▶ [WHAT THE EXERCISE ASKS]
Every entry below is to be returned unchanged. Images are not part of the copy.

▶ [THE DATA]
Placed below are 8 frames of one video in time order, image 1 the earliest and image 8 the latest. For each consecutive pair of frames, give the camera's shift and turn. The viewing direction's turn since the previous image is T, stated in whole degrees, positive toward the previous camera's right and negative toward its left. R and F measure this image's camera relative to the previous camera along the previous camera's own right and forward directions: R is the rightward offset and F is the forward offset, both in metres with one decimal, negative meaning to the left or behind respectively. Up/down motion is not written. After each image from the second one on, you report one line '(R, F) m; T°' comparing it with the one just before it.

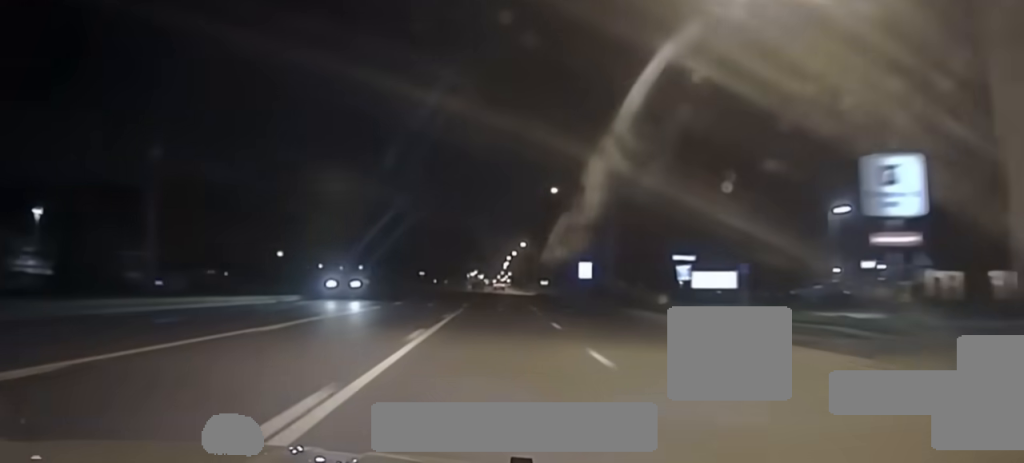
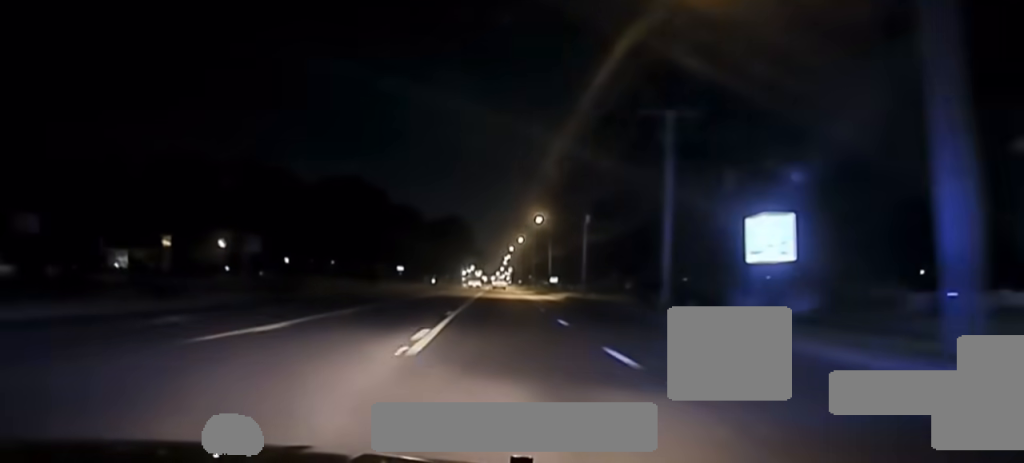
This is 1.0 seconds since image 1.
(-0.4, +48.0) m; 0°
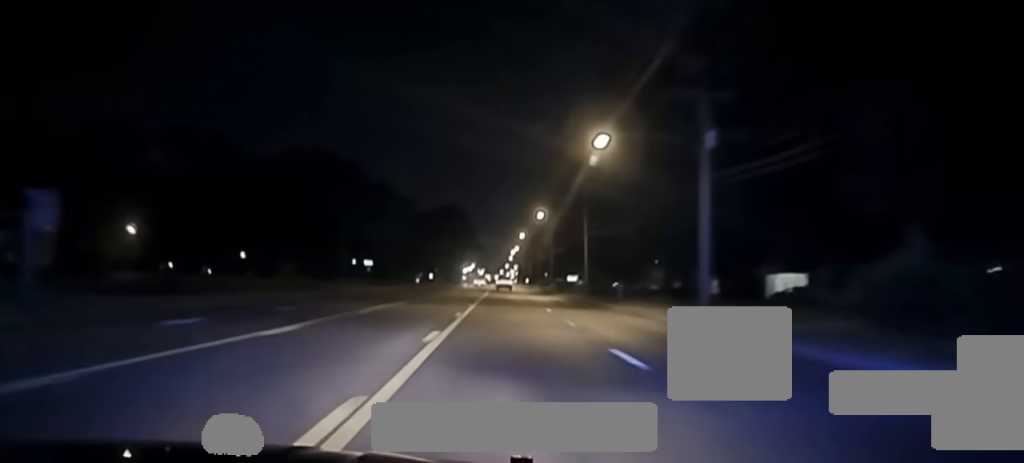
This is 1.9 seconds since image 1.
(+0.1, +42.8) m; 0°
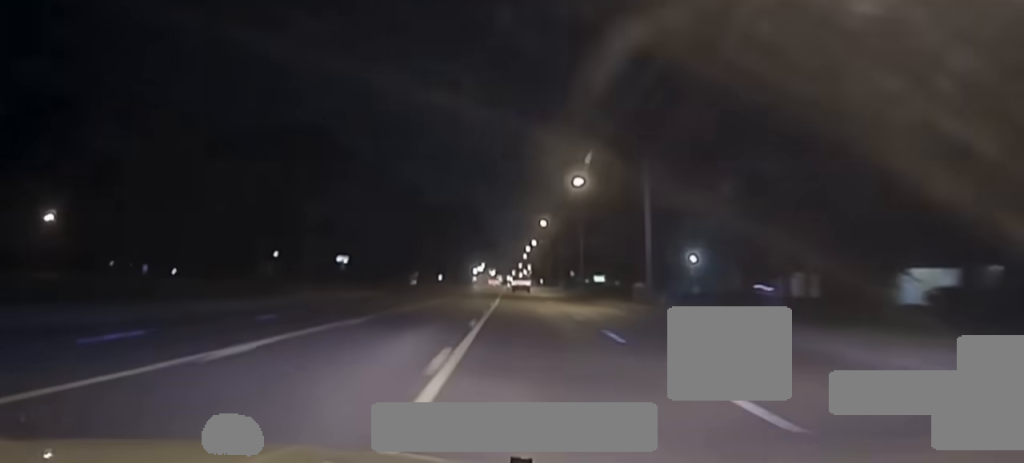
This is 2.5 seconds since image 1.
(-0.1, +25.4) m; 0°
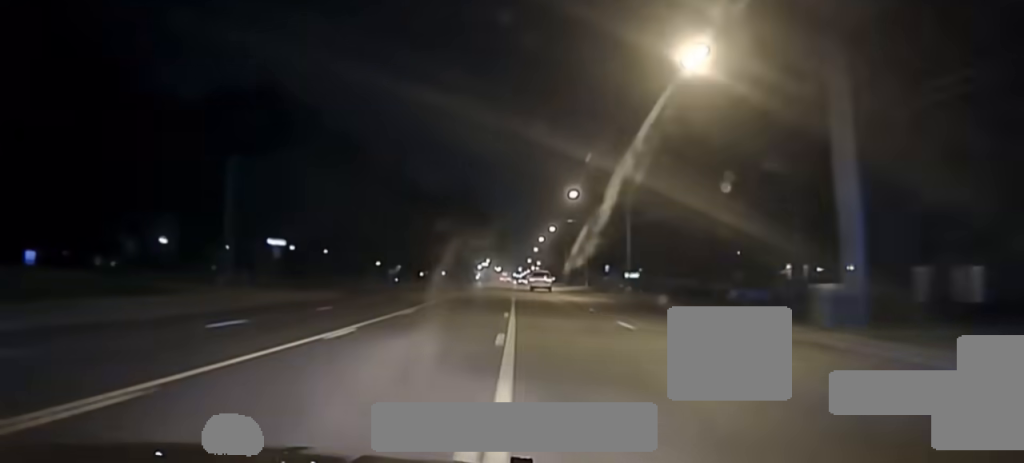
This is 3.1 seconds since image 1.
(0.0, +27.3) m; 0°
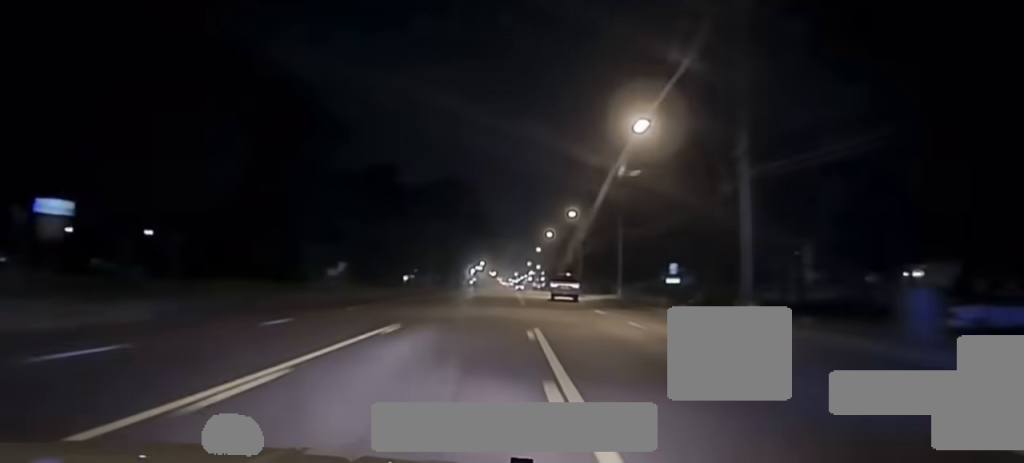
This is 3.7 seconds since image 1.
(-0.2, +33.1) m; 0°
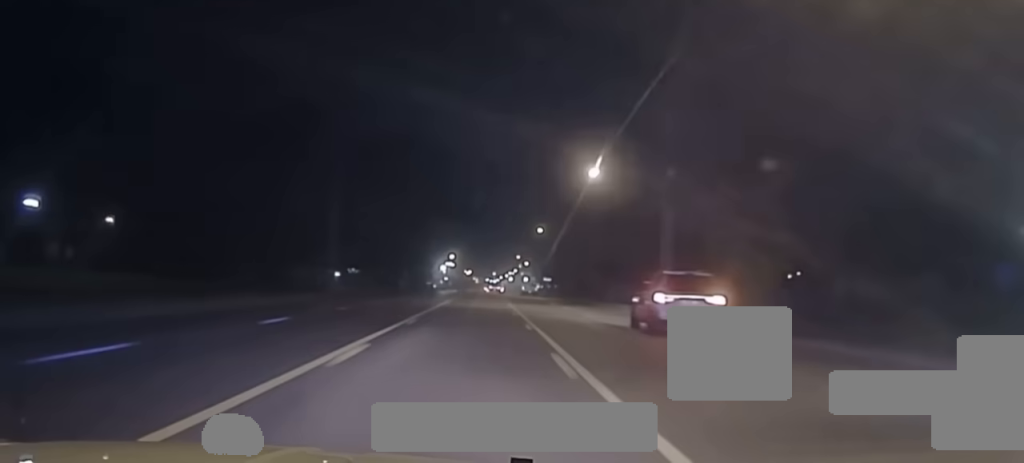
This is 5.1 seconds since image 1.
(+0.5, +76.2) m; +1°
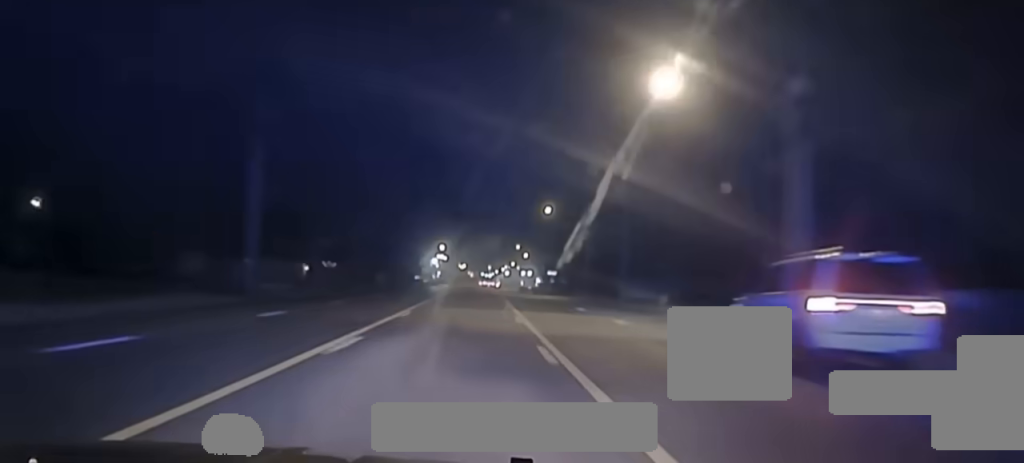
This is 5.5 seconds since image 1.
(+0.2, +26.9) m; 0°

▶ [YOUR SOLUTION]
Placed below are 8 frames of one video in time order, image 1 the earliest and image 8 the latest. For each consecutive pair of frames, give the camera's shift and turn. The viewing direction's turn since the previous image is T, stated in whole degrees, positive toward the previous camera's right and negative toward its left. R and F measure this image's camera relative to the previous camera along the previous camera's own right and forward directions: R is the rightward offset and F is the forward offset, both in metres with one decimal, negative meaning to the left or behind respectively. Up/down motion is not written. After each image from the second one on, you report one line '(R, F) m; T°' comparing it with the one just before it.

This is 1.0 seconds since image 1.
(-0.4, +48.0) m; 0°
This is 1.9 seconds since image 1.
(+0.1, +42.8) m; 0°
This is 2.5 seconds since image 1.
(-0.1, +25.4) m; 0°
This is 3.1 seconds since image 1.
(0.0, +27.3) m; 0°
This is 3.7 seconds since image 1.
(-0.2, +33.1) m; 0°
This is 5.1 seconds since image 1.
(+0.5, +76.2) m; +1°
This is 5.5 seconds since image 1.
(+0.2, +26.9) m; 0°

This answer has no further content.